The SET index declined 1.38% for the week to close on Friday at 1,473.86, as foreign investors continue selling. According to the SET data as of November 18, net sells by foreign investors jumped to 25.57 billion baht month-to-date, compared to net sells of 14.48 billion baht during the entire month of November last year. The SET still struggles at the 1,478.40 resistance level, or 23.8% Fibonacci retracement, while it is retesting the trendline support and trying to bounce off from there. If the SET can close above the 1,513 level, we could see the SET climb to the 1,560 level by the year end. We think that it might be an opportunity at this level and took long-positions in some Healthcare and Financials stocks. This is not our recommendation.
The Thai baht continued to weaken against the U.S. dollar.

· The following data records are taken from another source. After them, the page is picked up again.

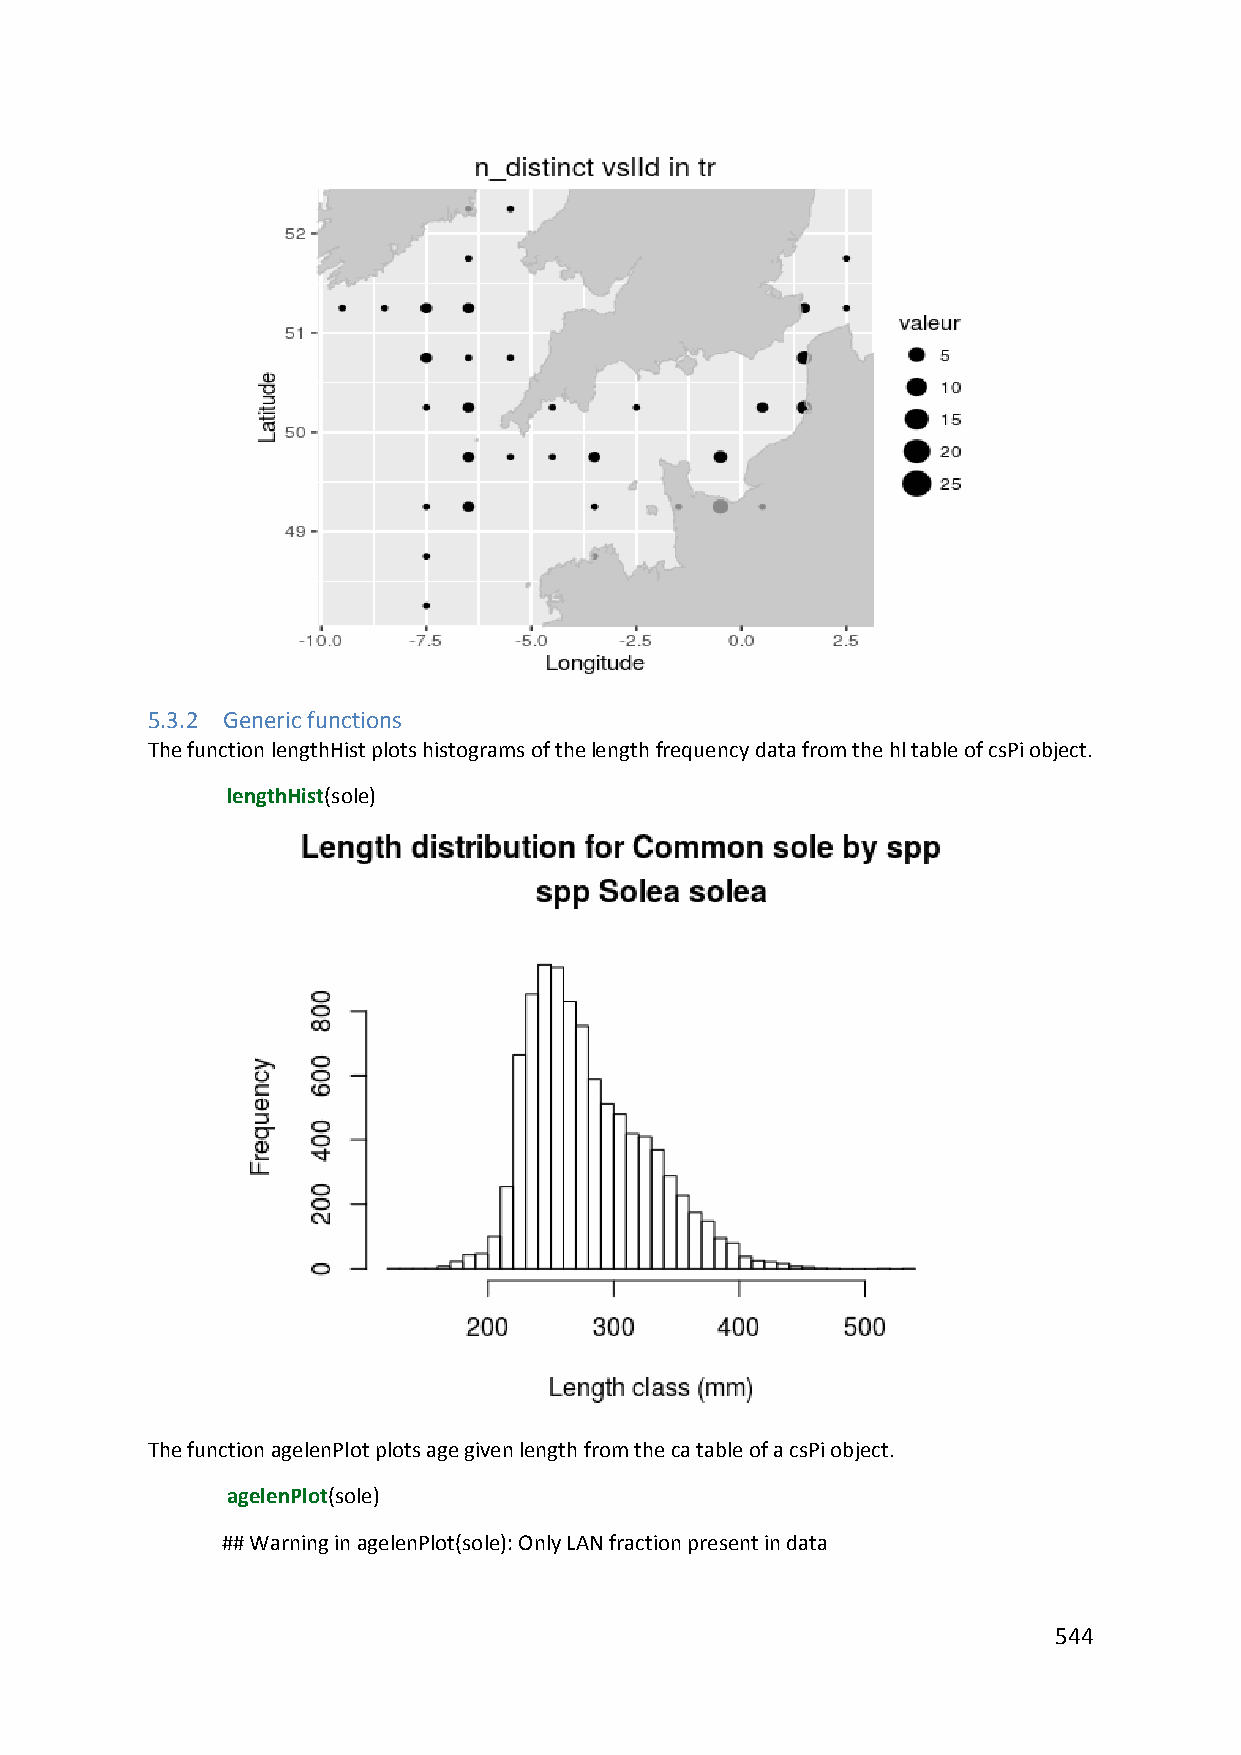
5.3.2 Generic functions
 The function lengthHist plots histograms of the length frequency data from the hl table of csPi object.
 lengthHist(sole)
 The function agelenPlot plots age given length from the ca table of a csPi object.
 agelenPlot(sole)
 ## Warning in agelenPlot(sole): Only LAN fraction present in data
 544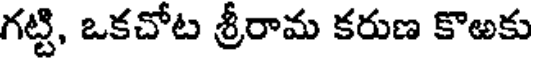
గట్టి, ఒకచోట శ్రీరామ కరుణ కొఱకు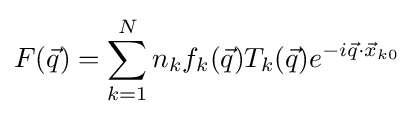
F({\vec {q}})=\sum _{k=1}^{N}n_{k}f_{k}({\vec {q}})T_{k}({\vec {q}})e^{-i{\vec {q}}\cdot {\vec {x}}_{k0}}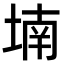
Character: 𡎜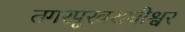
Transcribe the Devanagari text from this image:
तगरपूरवराधीश्वर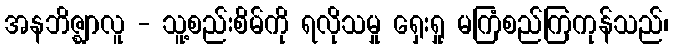
အနဘိဇ္ဈာလူ - သူ့စည်းစိမ်ကို ရလိုသမှု ရှေးရှု မကြံစည်ကြကုန်သည်၊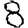
Digit: 8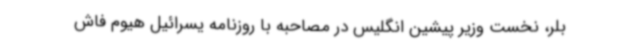
بلر، نخست وزیر پیشین انگلیس در مصاحبه‌ با روزنامه یسرائیل هیوم فاش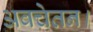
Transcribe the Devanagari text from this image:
अवचेतन।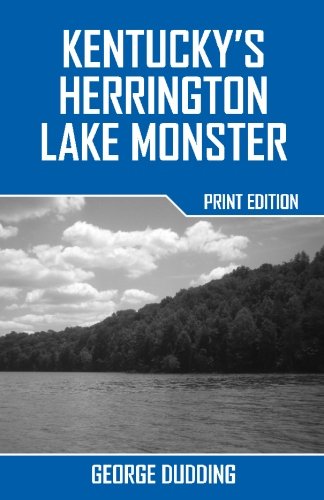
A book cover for Kentucky's Herrington Lake Monster; George Dudding; Religion & Spirituality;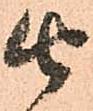
由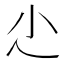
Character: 尐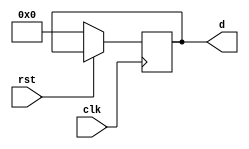
module shiftregist(d,clk,rst);
	parameter	shiftregist_width = 4;
	output	[shiftregist_width-1:0]d;
	input	clk,rst;
	reg [shiftregist_width-1:0]d;
		always @(posedge clk) 
			if (!rst) 
				d <= 4'b0000;
			else 
				d <= {d[shiftregist_width-2:0],d[shiftregist_width-1:0]};
				//d0
			/*	
				
				temp =< d[3];
				d <= d<<1;
				d[0] = temp;
				
			*/
endmodule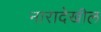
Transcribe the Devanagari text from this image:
नारादेखील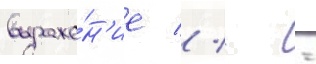
выраже́н'ие // - -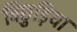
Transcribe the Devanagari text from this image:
बिछुड़िया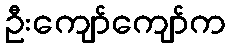
ဦးကျော်ကျော်က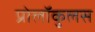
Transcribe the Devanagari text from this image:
प्रोलॉकुलस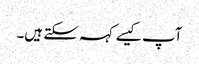
آپ کیسے کہہ سکتے ہیں۔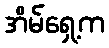
အိမ်ရှေ့က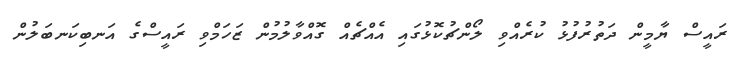
ރައީސް ޔާމީން ދަތުރުފުޅު ކުރެއްވި ލޯންޗުކޮޅުގައި އެއްޗެއް ގޮއްވާލުމުން ޒަހަމްވި ރައީސްގެ އަނބިކަނބަލުން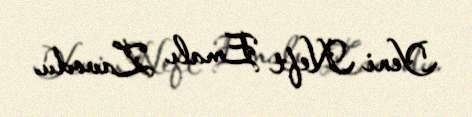
Yeni Neft Emalı Zavodu.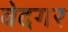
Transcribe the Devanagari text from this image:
वेदगर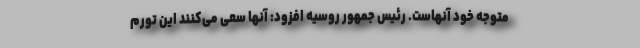
متوجه خود آنهاست. رئیس جمهور روسیه افزود: آنها سعی می‌کنند این تورم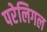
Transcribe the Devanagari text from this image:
परेलिगल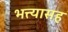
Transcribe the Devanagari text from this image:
भत्त्यासह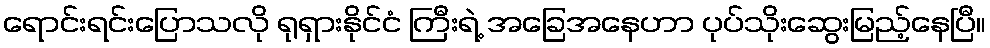
ရောင်းရင်းပြောသလို ရုရှားနိုင်ငံ ကြီးရဲ့ အခြေအနေဟာ ပုပ်သိုးဆွေးမြည့်နေပြီ။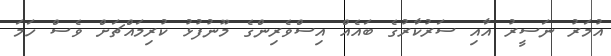
އުމަރު ނަސީރު އާއި ސަރުކާރުގެ ބައެއް އިސްވެރިންގެ މޫނުފުޅު ކުރިމައްޗަށް ވެސް ހަމަ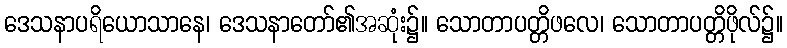
ဒေသနာပရိယောသာနေ၊ ဒေသနာတော်၏အဆုံး၌။ သောတာပတ္တိဖလေ၊ သောတာပတ္တိဖိုလ်၌။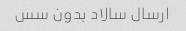
ارسال سالاد بدون سس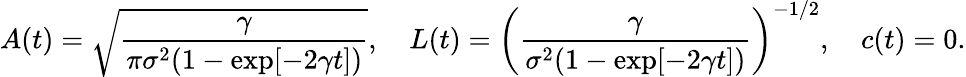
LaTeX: A(t)=\sqrt{\frac{\gamma}{\pi\sigma^{2}(1-\exp[-2\gamma t])}},\quad L(t)=\bigg(\frac{\gamma}{\sigma^{2}(1-\exp[-2\gamma t])}\bigg)^{-1/2},\quad c(t)=0.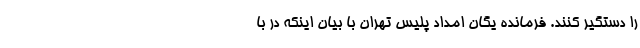
را دستگیر کنند. فرمانده یگان امداد پلیس تهران با بیان اینکه در با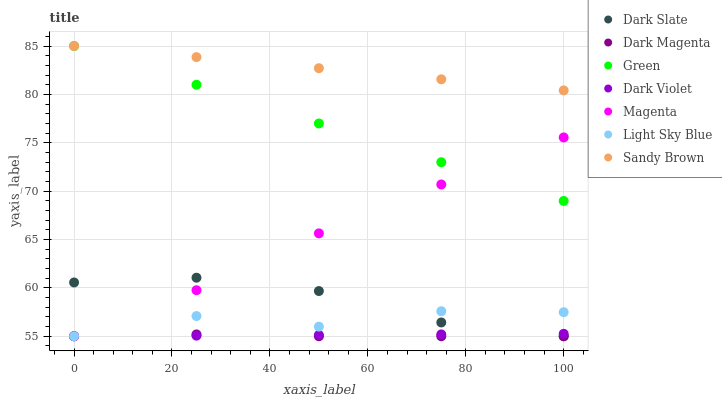
| xaxis_label | Dark Slate | Dark Magenta | Green | Dark Violet | Magenta | Light Sky Blue | Sandy Brown |
 | --- | --- | --- | --- | --- | --- | --- | --- |
 | 0 | 60.6 | 55 | 85 | 55 | 55 | 55 | 85 |
 | 25 | 61.1 | 55.2 | 81 | 55.1 | 59.8 | 57.1 | 83.9 |
 | 50 | 59.7 | 55 | 77 | 55.1 | 65.6 | 56 | 82.7 |
 | 75 | 56.4 | 55 | 73 | 55.2 | 70.7 | 57.6 | 81.6 |
 | 100 | 55 | 55 | 69 | 55.3 | 75.5 | 57.5 | 80.4 |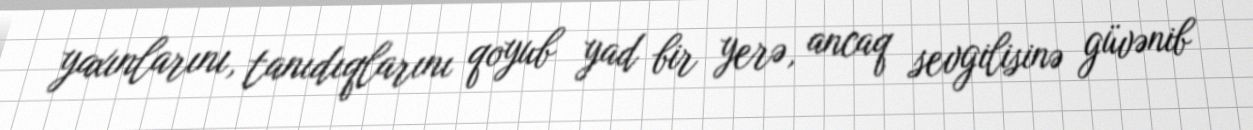
yaxınlarını, tanıdıqlarını qoyub yad bir yerə, ancaq sevgilisinə güvənib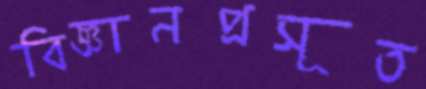
বিজ্ঞানপ্রসূত
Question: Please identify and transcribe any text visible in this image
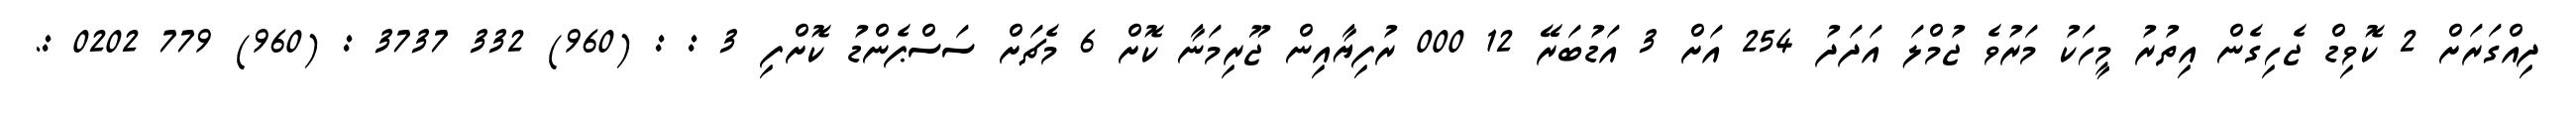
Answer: ދިއްގަރަށް 2 ކޮވިޑް ޖެހިގެން އިތުރު މީހަކު މަރުވެ ޖުމްލަ އަދަދު 254 އަށް 3 އަޑުބަރޭ 12 000 ރުފިޔާއިން ޖޫރިމަނާ ކޮށް 6 މެޗަށް ސަސްޕެންޑު ކޮށްފި 3 : : (960) 332 3737 : (960) 779 0202 :.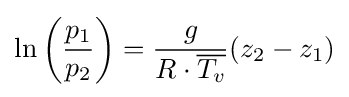
\ln \left({\frac {p_{1}}{p_{2}}}\right)={\frac {g}{R\cdot {\overline {T_{v}}}}}(z_{2}-z_{1})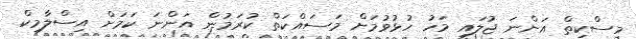
މިސްކިތް އަންނަ ޖުލައި މަހު ހުޅުވުމަށް މަސައްކަތް ކުރަމުން އަންނަ ކަމަށް އިސްލާމިކް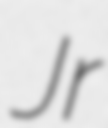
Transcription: Jr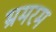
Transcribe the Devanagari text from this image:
भ्रमरम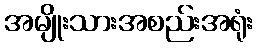
အမျိုးသားအစည်းအရုံး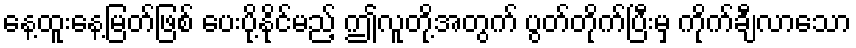
နေ့ထူးနေ့မြတ်ဖြစ် ပေးပို့နိုင်မည့် ဤလူတို့အတွက် ပွတ်တိုက်ပြီးမှ ကိုက်ချီလာသော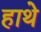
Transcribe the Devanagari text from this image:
हाथे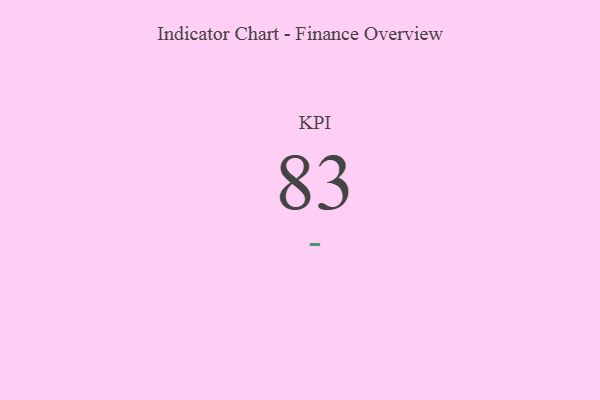
{"axis": {"x": "KPI", "y": "Value"}, "legend": [""], "data": [{"x": "KPI", "y": 83, "type": ""}]}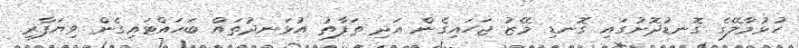
ހުޅުމާލޭގެ ގޮނޑުދޮށުގައި ގޮނޑި މޭޒު ޖަހައިގެން އަދި ތަފާތު އުޅަނދުތައް ބަހައްޓައިގެން ވިޔަފާރި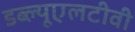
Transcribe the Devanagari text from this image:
डब्ल्यूएलटीवी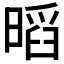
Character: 𭧏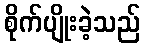
စိုက်ပျိုးခဲ့သည်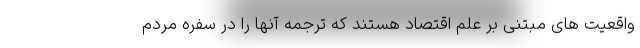
واقعیت های مبتنی بر علم اقتصاد هستند که ترجمه آنها را در سفره مردم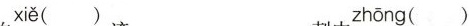
xiě（）zhōng（）
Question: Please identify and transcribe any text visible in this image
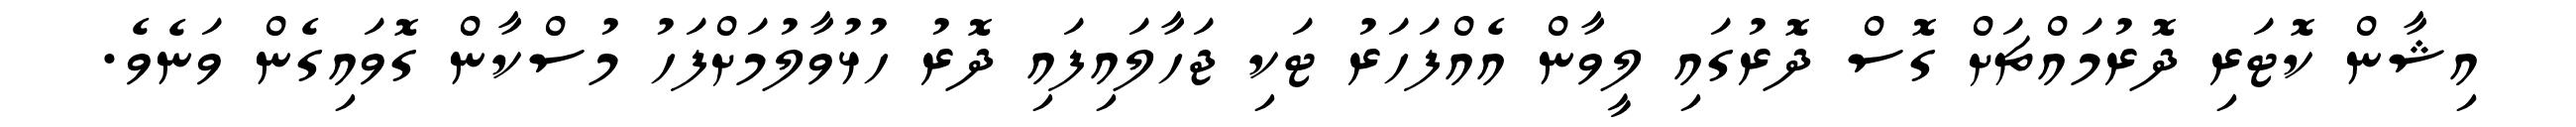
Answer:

For the week, the USD/THB exchange rate inched up 0.51% to close on Friday at 35.57 baht per dollar, despite a shape rise in the U.S. Dollar index (DXY), practically the USD/EUR exchange rate, after Fed Chair Janet Yellen told U.S. Congress on Thursday that a Fed rate hike could come “relatively soon”. For the week, the DXY index rose another 2.25% to close on Friday at 101.28, a thirteen-year high.
Wall Street now wants to see the Federal Reserve raise the federal funds rate target to 50 and 75 basis points at the December 13-14 FOMC meeting since the probability of a 25 basis point rate hike has surged to 95.4%, based on the CME Group 30-day Fed Fund futures prices as of November 18. Failure to do so is no longer an option.
The strong U.S. dollar and the rise in Treasury yields, which are intended consequences of a Fed rate hike, will hammer U.S. exports and corporate earnings. According to data from the Bureau of Economic Analysis (BEA), U.S. exports of goods and services plunged from $597.8 billion in the third-quarter 2014 to a one-and-a-half year low of $538.9 billion in the first-quarter 2016, while the U.S. dollar appreciated about 10% against other major currencies during the same period.
The yield of Thailand 10-year government bonds skyrocketed another 9.96% for the week, to close at 2.65% on Friday. The yield spread between the Thailand 10-year bond and the benchmark U.S. 10-year Treasury Note, yielding at 2.34% on Friday, widened to 0.031 percentage points.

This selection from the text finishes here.